If $a_2^2 = a_4$, then $S_4 = 2a_2^2-4a_4 = -2a_2^2 \le 0$. But since $x_1,x_2,x_3,x_4$ are real, we must have $S_4 = x_1^4+x_2^4+x_3^4+x_4^4 \ge 0$. Thus, $S_4 = 0$, which gives us $x_1 = x_2 = x_3 = x_4 = 0$, and thus, $x_1(x_1+x_2)(x_1+x_3)(x_1+x_4)=0$.

If $a_3 = 0$, then $x_1,x_2,x_3,x_4$ are roots of the polynomial $x^4+a_2x^2+a_4$. Since this polynomial is even, either $x_1 = 0$ or $x_1 = -x_i$ for some $i = 2,3,4$, and thus, $x_1(x_1+x_2)(x_1+x_3)(x_1+x_4)=0$.

Therefore, $x_1(x_1+x_2)(x_1+x_3)(x_1+x_4)=0$, as desired.

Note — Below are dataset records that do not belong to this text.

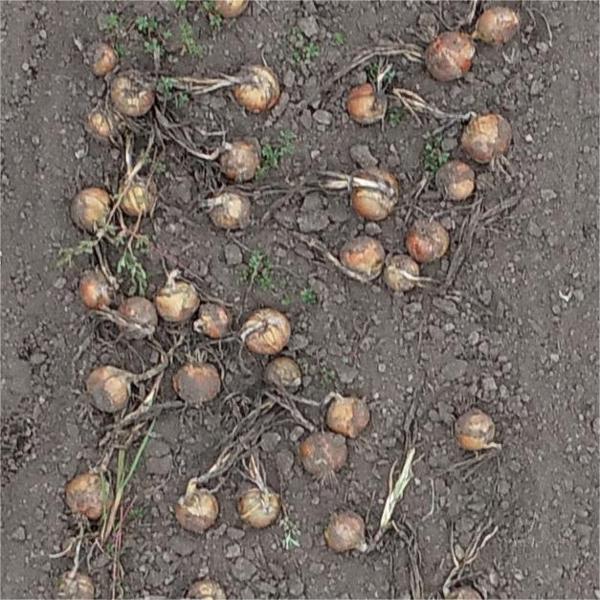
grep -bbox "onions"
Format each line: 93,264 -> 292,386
123,296 -> 155,328
435,160 -> 474,200
233,65 -> 277,109
453,408 -> 493,449
109,75 -> 151,116
324,395 -> 366,436
206,188 -> 248,227
474,4 -> 519,44
324,509 -> 363,550
75,270 -> 113,306
88,44 -> 117,75
298,431 -> 345,474
115,185 -> 151,213
345,84 -> 382,122
69,187 -> 111,230
174,481 -> 216,529
155,278 -> 197,320
56,567 -> 95,599
241,307 -> 288,353
263,356 -> 302,392
62,472 -> 104,521
405,220 -> 448,260
212,0 -> 248,19
186,579 -> 225,599
341,235 -> 382,276
423,29 -> 473,79
87,109 -> 117,137
449,587 -> 482,600
459,113 -> 508,162
85,366 -> 131,412
381,254 -> 420,292
237,485 -> 279,526
351,167 -> 394,219
208,136 -> 255,178
195,301 -> 229,337
170,359 -> 220,404
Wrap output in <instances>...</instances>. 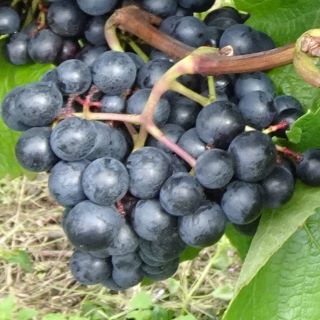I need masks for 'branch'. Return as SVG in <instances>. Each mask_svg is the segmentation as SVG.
Here are the masks:
<instances>
[{
	"instance_id": "branch-1",
	"label": "branch",
	"mask_w": 320,
	"mask_h": 320,
	"mask_svg": "<svg viewBox=\"0 0 320 320\" xmlns=\"http://www.w3.org/2000/svg\"><path fill=\"white\" fill-rule=\"evenodd\" d=\"M162 20L142 8H120L108 17L103 27L105 41L111 50L124 52L116 38L115 27L118 23L121 28L135 32L145 42L178 61L187 56L194 58L196 67L192 74L199 73L204 77L222 73L265 71L293 63L296 44L238 56L206 54L161 32L152 25L154 23L160 25Z\"/></svg>"
}]
</instances>
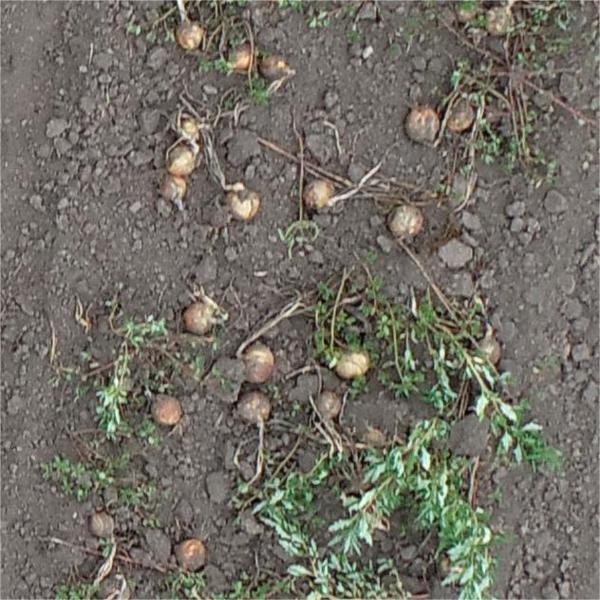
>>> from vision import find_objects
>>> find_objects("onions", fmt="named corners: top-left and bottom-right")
top-left (477, 336), bottom-right (502, 362)
top-left (444, 101), bottom-right (472, 133)
top-left (301, 178), bottom-right (334, 212)
top-left (262, 53), bottom-right (290, 77)
top-left (165, 143), bottom-right (197, 172)
top-left (183, 302), bottom-right (219, 332)
top-left (174, 114), bottom-right (200, 141)
top-left (455, 1), bottom-right (480, 22)
top-left (483, 6), bottom-right (513, 34)
top-left (233, 390), bottom-right (270, 424)
top-left (222, 184), bottom-right (259, 220)
top-left (385, 202), bottom-right (422, 239)
top-left (96, 574), bottom-right (127, 600)
top-left (227, 45), bottom-right (253, 71)
top-left (85, 510), bottom-right (111, 536)
top-left (157, 175), bottom-right (186, 202)
top-left (313, 391), bottom-right (341, 417)
top-left (174, 21), bottom-right (203, 49)
top-left (150, 394), bottom-right (183, 428)
top-left (239, 341), bottom-right (273, 381)
top-left (333, 347), bottom-right (367, 379)
top-left (174, 537), bottom-right (206, 570)
top-left (404, 106), bottom-right (437, 142)

Here is another useful application of the AM-GM inequality(didn't think of it, did you) Tricky factorization: $$0=-(a^7+b^7+c^7+d^7)$$$$=7(b+c)(c+d)(d+a)E$$ where $E=(b^2+c^2+d^2+bc+cd+da)^2+bcd(b+c+d)$. However, $$4E=((b+c)^2+(c+d)^2+(b+d)^2)^2)-4abcd$$$$=((b+a)^2+(c+a)^2+(a+d)^2)^2)-4abcd$$$$=(3a^2+2a(b+c+d)+b^2+c^2+d^2)^2-4abcd$$ The last expression reduces to $$(a^2+b^2+c^2+d^2)^2-4abcd$$ However we see that $$(a^2+b^2+c^2+d^2)^2-4abcd \geq 12|abcd| \geq 0$$ from the AM-GM inequality. We conclude that $4E \geq 0$ with equality if and only if $|a|=|b|=|c|=|d|=0$. Otherwise one of $b+c,b+d,c+d$ must be $0$. Hence, the result follows.